Our results show that the reservoir potentially present today at 4 km depth below Campi Flegrei can be pressurised sufficiently to crack the surrounding rocks and allow the escape of magma from the reservoir, but it is too small to allow the magma to reach the surface. Under our extreme assumption, at the current rate of magma input, the reservoir will reach a size sufficient to feed a volcanic eruption in few decades. A caveat to this model is that would one of this magma filled crack reach the well-developed hydrothermal system at Campi Flegrei, the explosive interaction between magma and water could lead to a so-called “phreatomagmatic” eruption even if the reservoir is currently not ideally suited to feed volcanic activity. Coincidentally, the last eruption of Campi Flegrei (Monte Nuovo 1538), started with the explosive interaction between magma and water6. 

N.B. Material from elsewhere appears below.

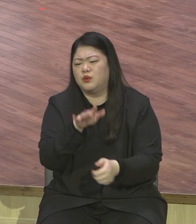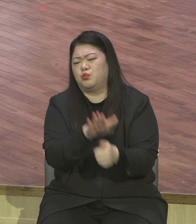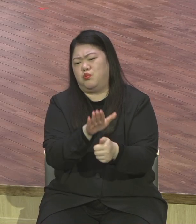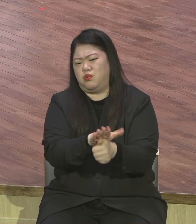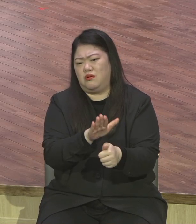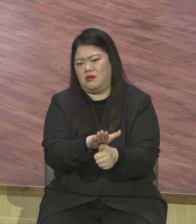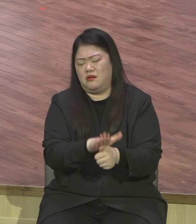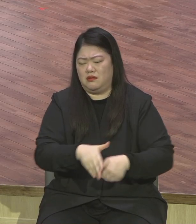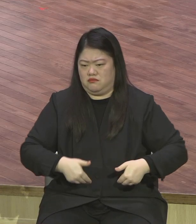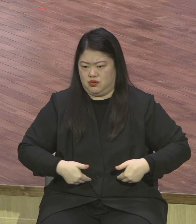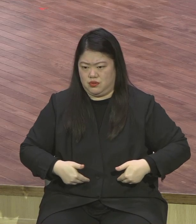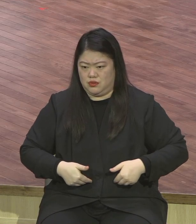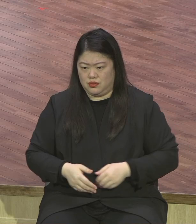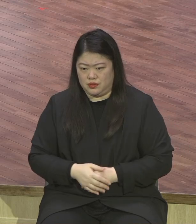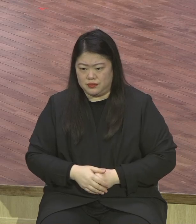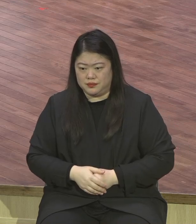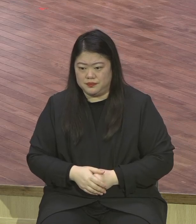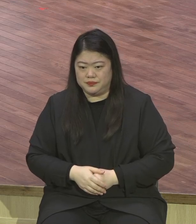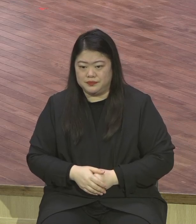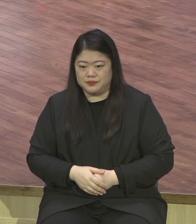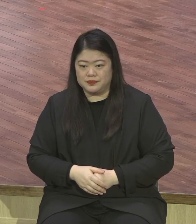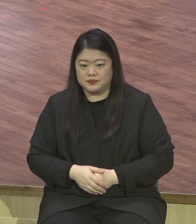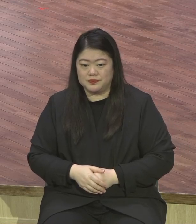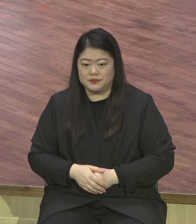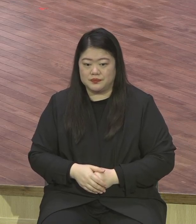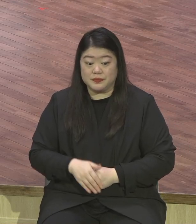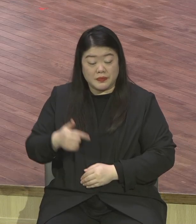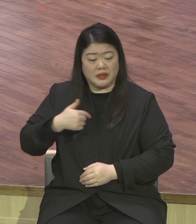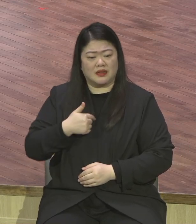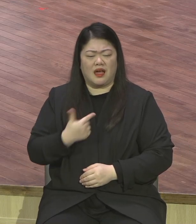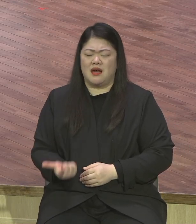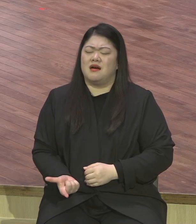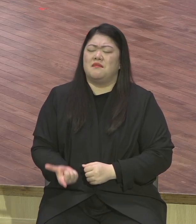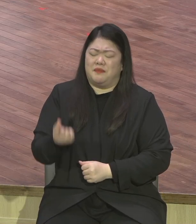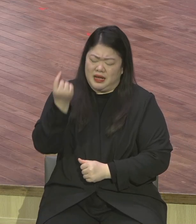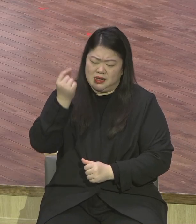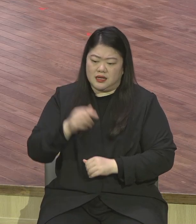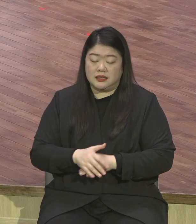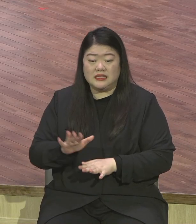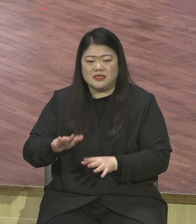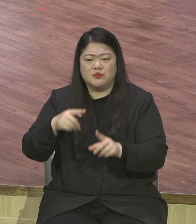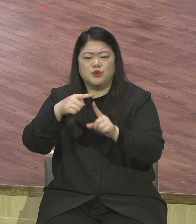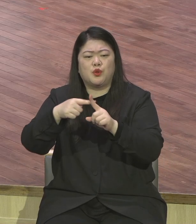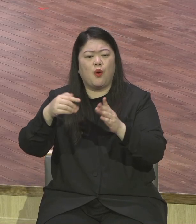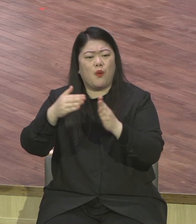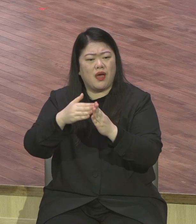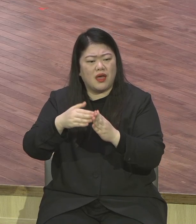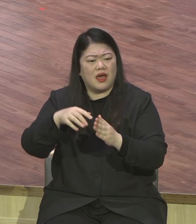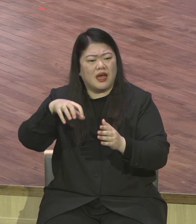저는요 빨리 헌담 끝나면 좋겠어요 이 돈소리 나면 초신자들 오면요

The involvement in this study made it clear to me that when applying science to active volcano, caution in the interpretation of the results is necessary. What is of outmost importance, and a professional obligation, is to generate as many plausible scenarios as possible and exclude those that do not match existing data. The scientists in charge of monitoring and advising decision makers, can use the continuously collected monitoring data together with theoretical models to assess the evolution of the ongoing crisis. Finally, to be sure all options have been considered, it is very important not to be afraid to be wrong.

REFERENCES

  1. Astort, A. et al. Tracking the 2007–2023 magma-driven unrest at Campi Flegrei caldera (Italy). Communications Earth & Environment 5, 506 (2024).
  2. Isaia, R. et al. 3D magnetotelluric imaging of a transcrustal magma system beneath the Campi Flegrei caldera, southern Italy. Communications Earth & Environment 6, 213 (2025).
  3. Caliro, S. et al. Escalation of caldera unrest indicated by increasing emission of isotopically light sulfur. Nature Geoscience https://doi.org/10.1038/s41561-024-01632-w (2025) doi:10.1038/s41561-024-01632-w.
  4. Marsh, B. D. On the Crystallinity, Probability of Occurrence, and Rheology of Lava and Magma. Contribution to mineralogy and petrology 78, 85–98 (1981).
  5. Townsend, M. & Huber, C. A critical magma chamber size for volcanic eruptions. Geology 48, 431–435 (2020).
  6. Di Vito, M., Lirer, L., Mastrolorenzo, G. & Rolandi, G. The 1538 Monte Nuovo eruption (Campi Flegrei, Italy). Bull Volcanol 49, 608–615 (1987).